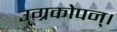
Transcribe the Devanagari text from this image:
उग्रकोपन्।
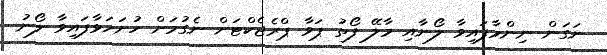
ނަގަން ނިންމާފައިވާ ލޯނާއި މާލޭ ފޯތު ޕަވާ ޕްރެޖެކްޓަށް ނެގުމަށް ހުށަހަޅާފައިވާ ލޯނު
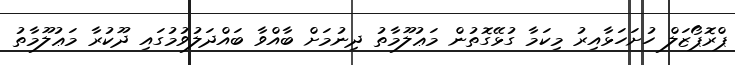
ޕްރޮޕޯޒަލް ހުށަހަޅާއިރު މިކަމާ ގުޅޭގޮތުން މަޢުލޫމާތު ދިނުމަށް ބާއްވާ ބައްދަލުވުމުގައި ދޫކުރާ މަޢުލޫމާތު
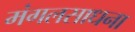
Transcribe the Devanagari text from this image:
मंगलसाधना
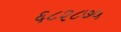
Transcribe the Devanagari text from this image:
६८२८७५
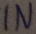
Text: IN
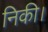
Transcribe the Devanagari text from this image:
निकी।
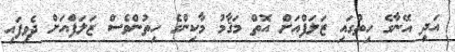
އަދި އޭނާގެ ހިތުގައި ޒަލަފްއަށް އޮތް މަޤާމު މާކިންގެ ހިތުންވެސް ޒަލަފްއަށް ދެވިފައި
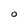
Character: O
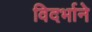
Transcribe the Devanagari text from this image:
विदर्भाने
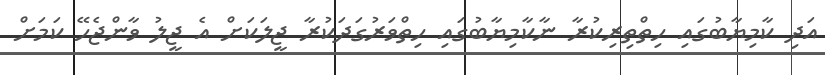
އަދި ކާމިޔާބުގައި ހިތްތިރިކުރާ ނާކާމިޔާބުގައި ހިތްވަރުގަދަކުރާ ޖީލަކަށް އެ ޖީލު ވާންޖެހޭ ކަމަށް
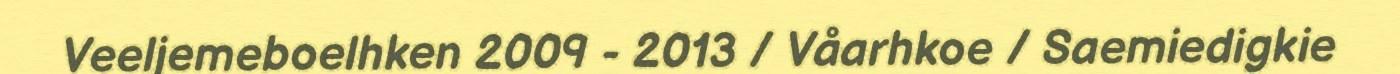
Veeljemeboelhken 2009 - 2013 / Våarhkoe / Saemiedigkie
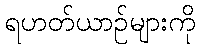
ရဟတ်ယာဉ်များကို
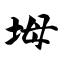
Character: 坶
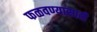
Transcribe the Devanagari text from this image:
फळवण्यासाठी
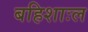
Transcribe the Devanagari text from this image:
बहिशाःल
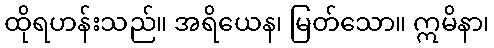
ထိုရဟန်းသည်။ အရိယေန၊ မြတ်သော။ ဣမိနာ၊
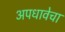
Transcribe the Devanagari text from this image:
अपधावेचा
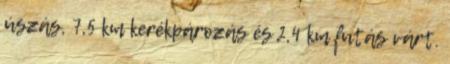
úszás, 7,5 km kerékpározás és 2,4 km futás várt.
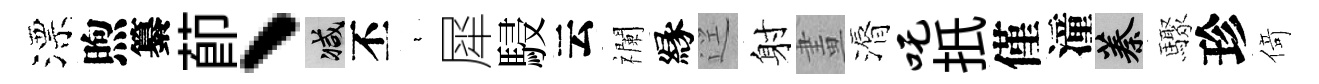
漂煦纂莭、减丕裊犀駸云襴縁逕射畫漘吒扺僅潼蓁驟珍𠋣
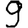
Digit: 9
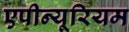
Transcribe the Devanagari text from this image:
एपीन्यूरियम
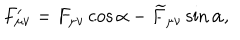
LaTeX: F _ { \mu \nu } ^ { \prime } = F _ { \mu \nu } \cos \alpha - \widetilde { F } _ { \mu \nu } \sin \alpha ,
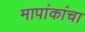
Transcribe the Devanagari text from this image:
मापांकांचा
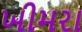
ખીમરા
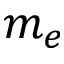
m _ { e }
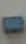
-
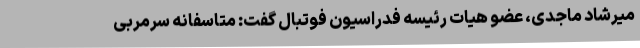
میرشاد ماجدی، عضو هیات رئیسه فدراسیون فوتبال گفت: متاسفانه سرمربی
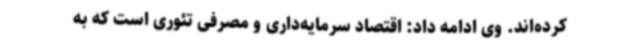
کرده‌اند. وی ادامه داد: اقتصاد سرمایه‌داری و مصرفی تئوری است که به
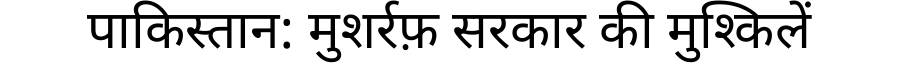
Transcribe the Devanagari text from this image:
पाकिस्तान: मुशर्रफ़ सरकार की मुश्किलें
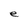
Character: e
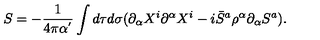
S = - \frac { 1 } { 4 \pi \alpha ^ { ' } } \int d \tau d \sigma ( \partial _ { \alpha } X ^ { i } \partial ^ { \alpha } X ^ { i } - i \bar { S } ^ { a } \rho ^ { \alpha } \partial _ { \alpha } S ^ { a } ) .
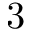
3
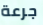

(Work to be completed) Once the images are removed, print the remaining data exactly as it appears above.

(Exercise solution)
Transcribe the Devanagari text from this image:
उग्रकोपन्।
ނަގަން ނިންމާފައިވާ ލޯނާއި މާލޭ ފޯތު ޕަވާ ޕްރެޖެކްޓަށް ނެގުމަށް ހުށަހަޅާފައިވާ ލޯނު
ޕްރޮޕޯޒަލް ހުށަހަޅާއިރު މިކަމާ ގުޅޭގޮތުން މަޢުލޫމާތު ދިނުމަށް ބާއްވާ ބައްދަލުވުމުގައި ދޫކުރާ މަޢުލޫމާތު
Transcribe the Devanagari text from this image:
मंगलसाधना
Transcribe the Devanagari text from this image:
६८२८७५
Text: IN
Transcribe the Devanagari text from this image:
निकी।
އަދި އޭނާގެ ހިތުގައި ޒަލަފްއަށް އޮތް މަޤާމު މާކިންގެ ހިތުންވެސް ޒަލަފްއަށް ދެވިފައި
Character: O
Transcribe the Devanagari text from this image:
विदर्भाने
އަދި ކާމިޔާބުގައި ހިތްތިރިކުރާ ނާކާމިޔާބުގައި ހިތްވަރުގަދަކުރާ ޖީލަކަށް އެ ޖީލު ވާންޖެހޭ ކަމަށް
Veeljemeboelhken 2009 - 2013 / Våarhkoe / Saemiedigkie
ရဟတ်ယာဉ်များကို
Character: 坶
Transcribe the Devanagari text from this image:
फळवण्यासाठी
Transcribe the Devanagari text from this image:
बहिशाःल
ထိုရဟန်းသည်။ အရိယေန၊ မြတ်သော။ ဣမိနာ၊
Transcribe the Devanagari text from this image:
अपधावेचा
úszás, 7,5 km kerékpározás és 2,4 km futás várt.
漂煦纂莭、减丕裊犀駸云襴縁逕射畫漘吒扺僅潼蓁驟珍𠋣
Digit: 9
Transcribe the Devanagari text from this image:
एपीन्यूरियम
LaTeX: F _ { \mu \nu } ^ { \prime } = F _ { \mu \nu } \cos \alpha - \widetilde { F } _ { \mu \nu } \sin \alpha ,
Transcribe the Devanagari text from this image:
मापांकांचा
ખીમરા
m _ { e }
-
میرشاد ماجدی، عضو هیات رئیسه فدراسیون فوتبال گفت: متاسفانه سرمربی
کرده‌اند. وی ادامه داد: اقتصاد سرمایه‌داری و مصرفی تئوری است که به
Transcribe the Devanagari text from this image:
पाकिस्तान: मुशर्रफ़ सरकार की मुश्किलें
Character: e
S = - \frac { 1 } { 4 \pi \alpha ^ { ' } } \int d \tau d \sigma ( \partial _ { \alpha } X ^ { i } \partial ^ { \alpha } X ^ { i } - i \bar { S } ^ { a } \rho ^ { \alpha } \partial _ { \alpha } S ^ { a } ) .
3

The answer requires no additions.